**Activity**
Down to the last line, restate the records below word for word, dropping every image.

**Saved data entries**
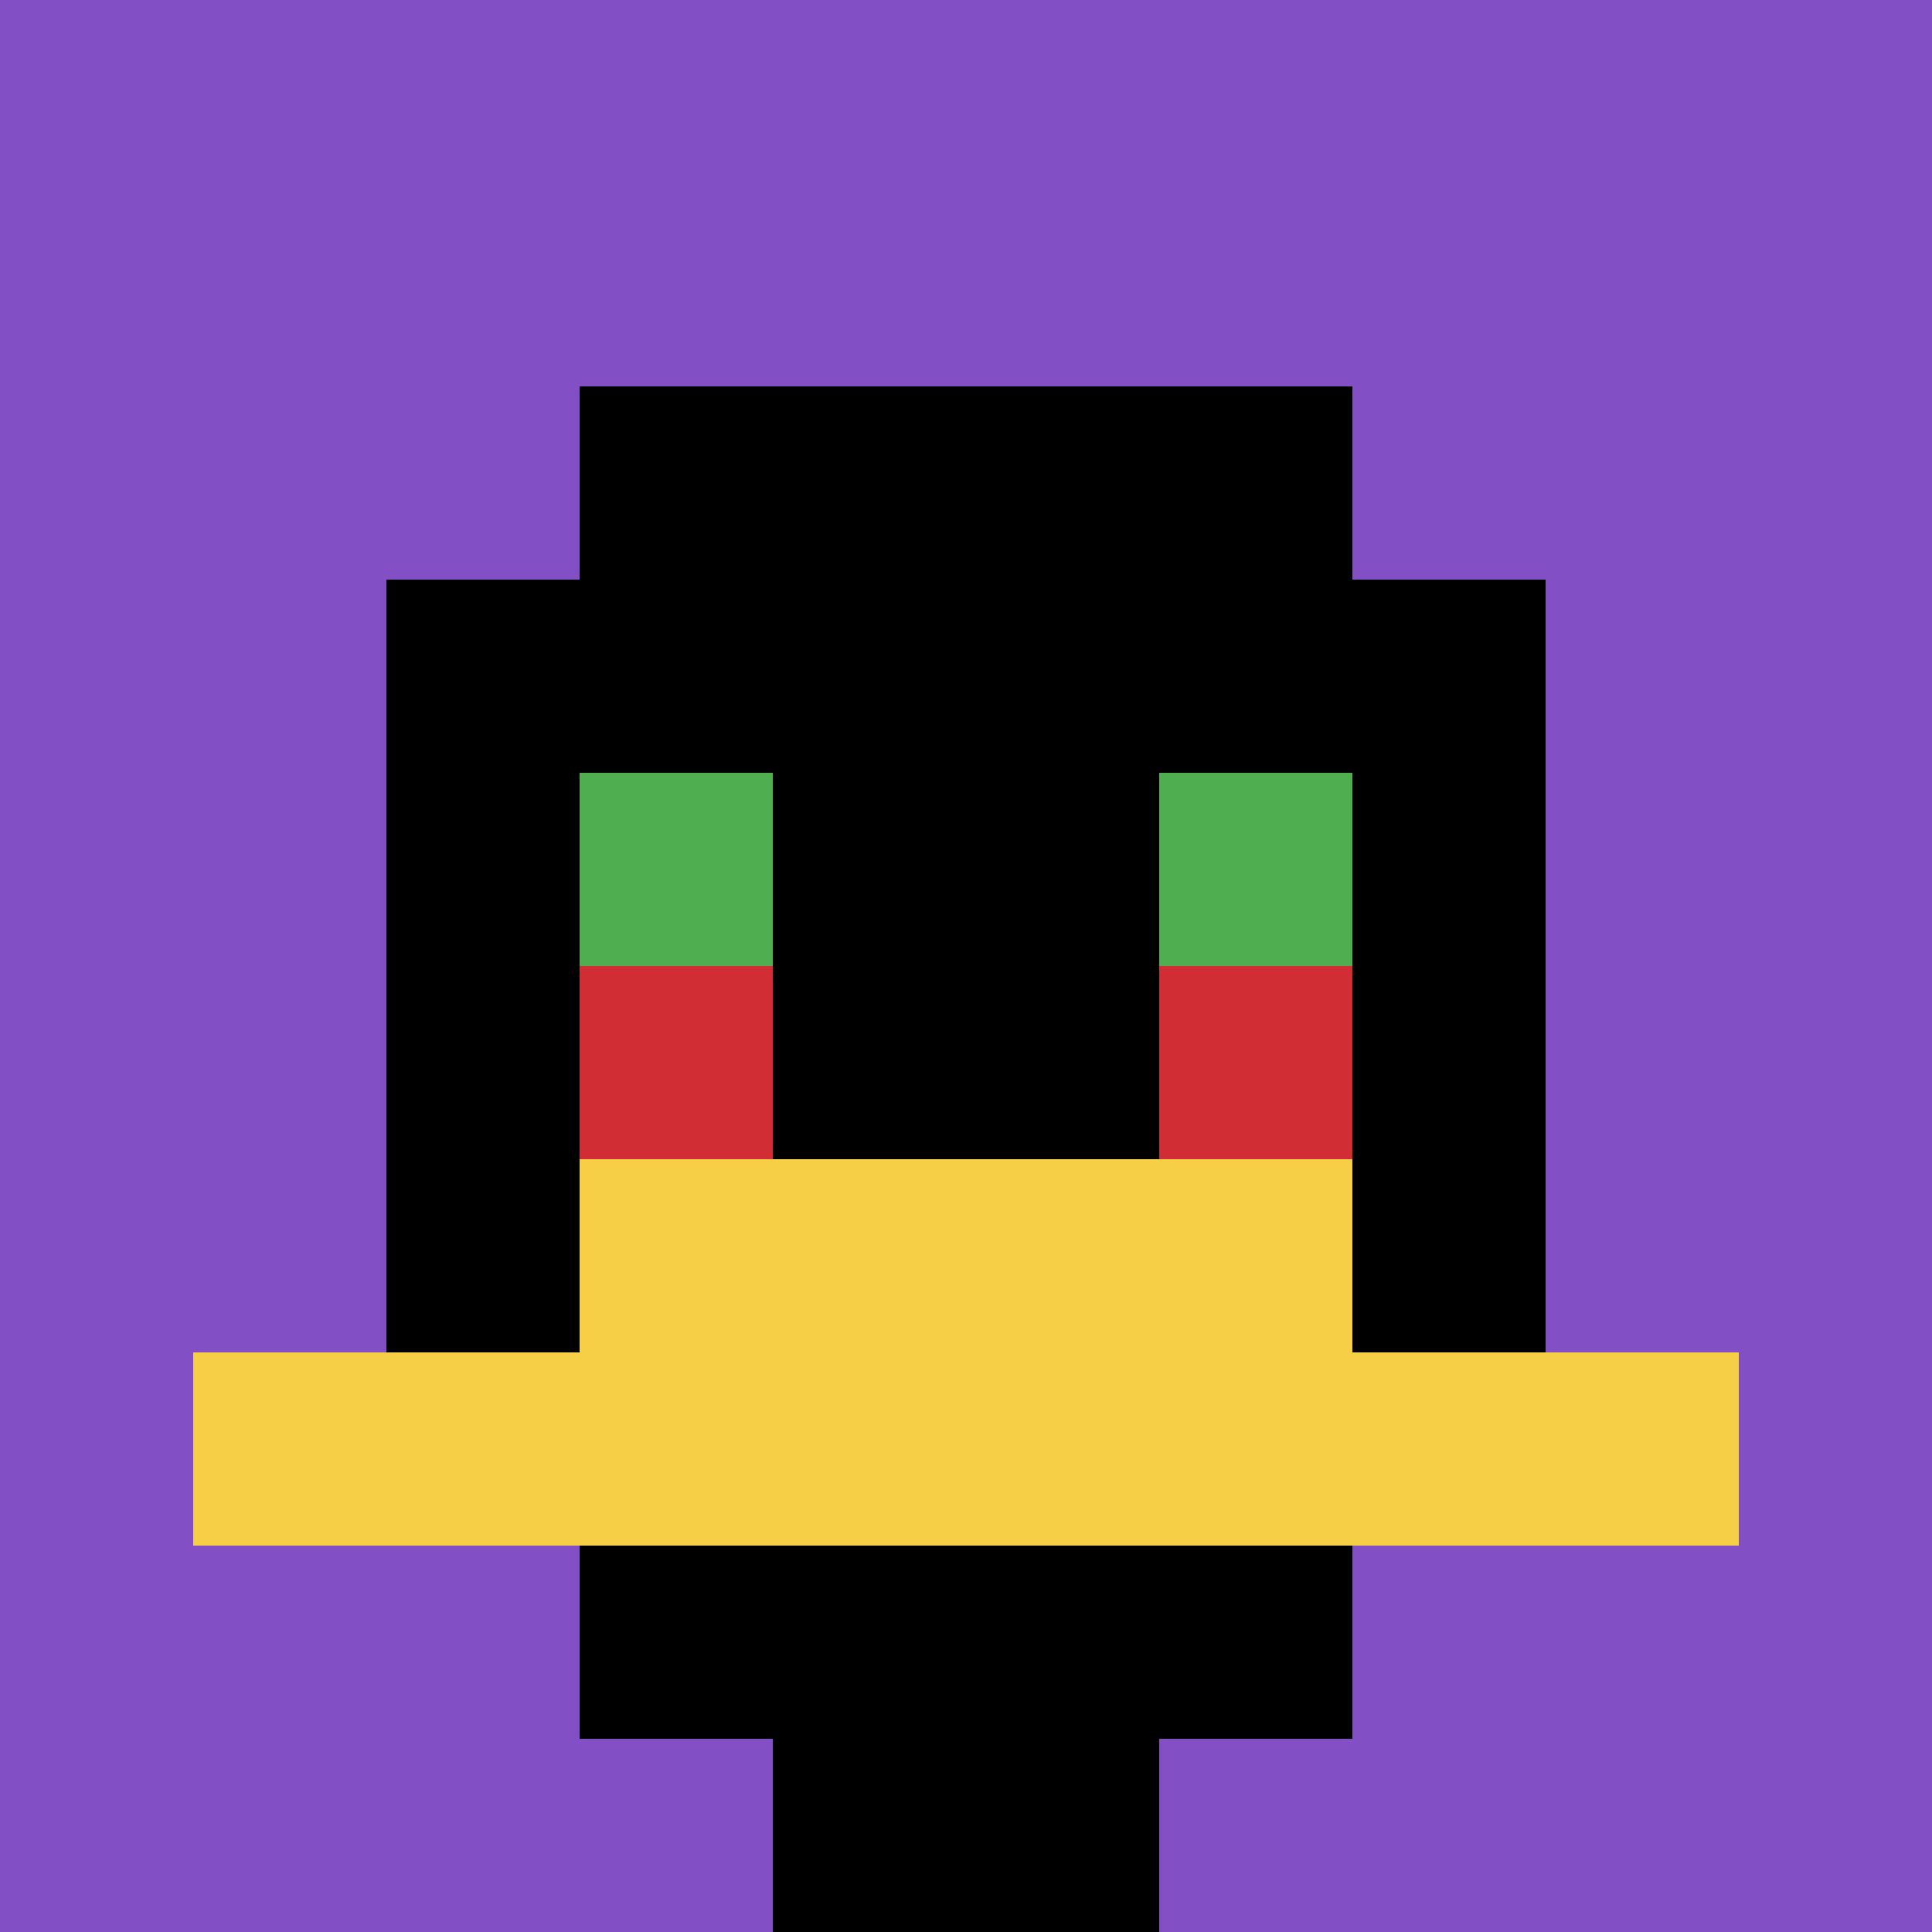 <svg xmlns="http://www.w3.org/2000/svg" version="1.1" width="567" height="567"><title>'goose-pfp-616819' by Dmitri Cherniak</title><desc>seed=616819
backgroundColor=#ffffff
padding=20
innerPadding=0
timeout=500
dimension=1
border=false
Save=function(){return n.handleSave()}
frame=12

Rendered at Wed Sep 11 2024 23:35:17 GMT+0800 (中国标准时间)
Generated in 1ms
</desc><defs></defs><rect width="100%" height="100%" fill="#ffffff"></rect><g><g id="0-0"><rect x="0" y="0" height="567" width="567" fill="#834FC4"></rect><g><rect id="0-0-3-2-4-7" x="170.1" y="113.4" width="226.8" height="396.9" fill="#000000"></rect><rect id="0-0-2-3-6-5" x="113.4" y="170.1" width="340.2" height="283.5" fill="#000000"></rect><rect id="0-0-4-8-2-2" x="226.8" y="453.6" width="113.4" height="113.4" fill="#000000"></rect><rect id="0-0-1-7-8-1" x="56.7" y="396.9" width="453.6" height="56.7" fill="#F7CF46"></rect><rect id="0-0-3-6-4-2" x="170.1" y="340.2" width="226.8" height="113.4" fill="#F7CF46"></rect><rect id="0-0-3-4-1-1" x="170.1" y="226.8" width="56.7" height="56.7" fill="#4FAE4F"></rect><rect id="0-0-6-4-1-1" x="340.2" y="226.8" width="56.7" height="56.7" fill="#4FAE4F"></rect><rect id="0-0-3-5-1-1" x="170.1" y="283.5" width="56.7" height="56.7" fill="#D12D35"></rect><rect id="0-0-6-5-1-1" x="340.2" y="283.5" width="56.7" height="56.7" fill="#D12D35"></rect></g><rect x="0" y="0" stroke="white" stroke-width="0" height="567" width="567" fill="none"></rect></g></g></svg>

**Completed task**
 <svg xmlns="http://www.w3.org/2000/svg" version="1.1" width="567" height="567"><title>'goose-pfp-616819' by Dmitri Cherniak</title><desc>seed=616819
backgroundColor=#ffffff
padding=20
innerPadding=0
timeout=500
dimension=1
border=false
Save=function(){return n.handleSave()}
frame=12

Rendered at Wed Sep 11 2024 23:35:17 GMT+0800 (中国标准时间)
Generated in 1ms
</desc><defs></defs><rect width="100%" height="100%" fill="#ffffff"></rect><g><g id="0-0"><rect x="0" y="0" height="567" width="567" fill="#834FC4"></rect><g><rect id="0-0-3-2-4-7" x="170.1" y="113.4" width="226.8" height="396.9" fill="#000000"></rect><rect id="0-0-2-3-6-5" x="113.4" y="170.1" width="340.2" height="283.5" fill="#000000"></rect><rect id="0-0-4-8-2-2" x="226.8" y="453.6" width="113.4" height="113.4" fill="#000000"></rect><rect id="0-0-1-7-8-1" x="56.7" y="396.9" width="453.6" height="56.7" fill="#F7CF46"></rect><rect id="0-0-3-6-4-2" x="170.1" y="340.2" width="226.8" height="113.4" fill="#F7CF46"></rect><rect id="0-0-3-4-1-1" x="170.1" y="226.8" width="56.7" height="56.7" fill="#4FAE4F"></rect><rect id="0-0-6-4-1-1" x="340.2" y="226.8" width="56.7" height="56.7" fill="#4FAE4F"></rect><rect id="0-0-3-5-1-1" x="170.1" y="283.5" width="56.7" height="56.7" fill="#D12D35"></rect><rect id="0-0-6-5-1-1" x="340.2" y="283.5" width="56.7" height="56.7" fill="#D12D35"></rect></g><rect x="0" y="0" stroke="white" stroke-width="0" height="567" width="567" fill="none"></rect></g></g></svg>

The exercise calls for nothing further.